E em todas essas áreas o homem-forte da estrutura de Defesa nacional tinha uma intervenção direta e permanente.
“Sempre foi uma pessoa que gostava de mandar, queria controlar os processos” que passavam obrigatoriamente pelo seu gabinete, descreve ao Observador um antigo governante que se cruzou com Alberto Coelho no Ministério da Defesa, mas que preferiu não ser identificado precisamente pelas funções que exerceu naquela área. O mesmo governante considera que, pela dimensão das responsabilidades que foram sendo anexadas àquele lugar na estrutura da Defesa (e que se foram avolumando com os anos), “haverá pouca gente em Portugal com capacidade técnica para assegurar essa gestão”.
Alberto Coelho foi assegurando essa gestão e, na opinião de alguns dos que passaram pela pasta da Defesa, as suas capacidades nunca suscitaram dúvidas. “Era indiscutível”, diz ao Observador o antigo ministro da Defesa Azeredo Lopes. “Dificilmente seria possível conceber alguém que pudesse desempenhar aquelas funções, com um conhecimento tão profundo dos concursos, do trabalho de gabinete” e que estivesse mais perfilado para o lugar, admite o antigo governante, que assumiu funções durante três anos, entre 2015 e 2018. “Nunca vi ninguém que contestasse [essa capacidade], ninguém que dissesse que não transportava consigo esse património”, sublinha.
Azeredo Lopes chegou como independente ao primeiro Governo de António Costa. Antes dele, passaram pela Defesa ministros de várias cores e sensibilidades políticas, do CDS ao PSD, e também do PS que se cruzaram com Alberto Coelho: Paulo Portas (CDS), Luís Amado, Nuno Severiano Teixeira e Augusto Santos Silva (em governos PS), José Pedro Aguiar-Branco (PSD), Azeredo Lopes e, finalmente, João Gomes Cravinho.

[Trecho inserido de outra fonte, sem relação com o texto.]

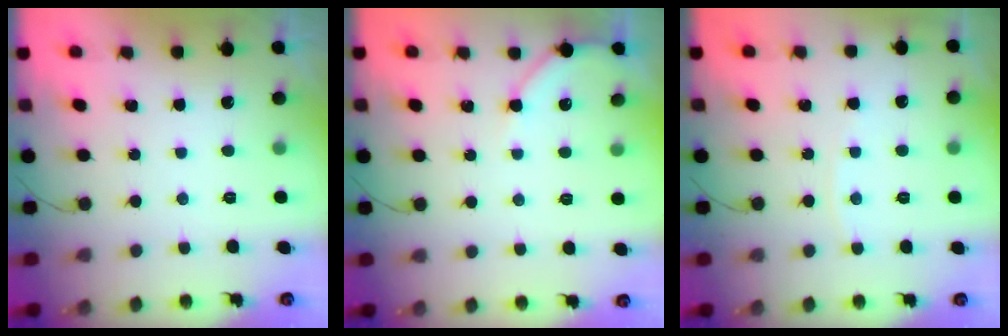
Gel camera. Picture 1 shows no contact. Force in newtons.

Um técnico “muito bem informado”, alguém que apresentava “informação muito rapidamente”, um “elemento da casa”, “empenhado em todos os processos”, descreve quem com ele se cruzou. “Um autêntico serviço de informações”, acrescenta um ex-secretário de Estado. Se havia uma crítica que lhe por vezes lhe era lançada era a de “atrasar os processos”, pelo nível de micro-gestão de que não abdicava. Conhecia toda a gente, sabia de tudo, estava envolvido em tudo. “Passava tudo, tudo, tudo pelas mãos dele. E como o poder político quer resultados, descansava, pensava: ‘Está aqui alguém que resolve’”, resume este antigo governante ao Observador.

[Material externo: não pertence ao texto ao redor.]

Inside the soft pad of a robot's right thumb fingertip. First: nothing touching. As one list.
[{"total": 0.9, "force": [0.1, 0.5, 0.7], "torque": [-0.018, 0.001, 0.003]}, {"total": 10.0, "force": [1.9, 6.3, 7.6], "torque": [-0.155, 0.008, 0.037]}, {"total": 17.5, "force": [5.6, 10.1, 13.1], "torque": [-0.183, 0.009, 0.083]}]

Ainda antes de chegar a Diretor-Geral do Pessoal, em 2022, percebia-se que Alberto Coelho conseguia gerar confiança entre os titulares da pasta. Um antigo deputado com assento na Comissão de Defesa da Assembleia da República recorda ao Observador o período em que Rui Pena assumiu as funções de ministro da Defesa (julho de 2001 a abril de 2002, no governo de António Guterres) e que chamou para seu adjunto Alberto Coelho. “Não era secretário de Estado, mas tinha lugar garantido nas reuniões de secretários de Estado daquele governo.” Logo a seguir veio a primeira nomeação para Diretor-Geral de Pessoal. E, daí em diante, uma longa carreira ao mais alto nível na estrutura de topo da Defesa. “Todos os outros se foram embora, não ficavam mais de dois três anos” nas posições de chefia para que eram nomeados. Ele não. “Chegou ao topo e sobreviveu”, recordam várias fontes da área da Defesa.
O primeiro tropeção com projeção pública, porém, aconteceria quase duas décadas depois de chegar ao topo da carreira no ministério — e culminaria nas detenções da última terça-feira, no âmbito da operação “Tempestade Perfeita” da Polícia Judiciária.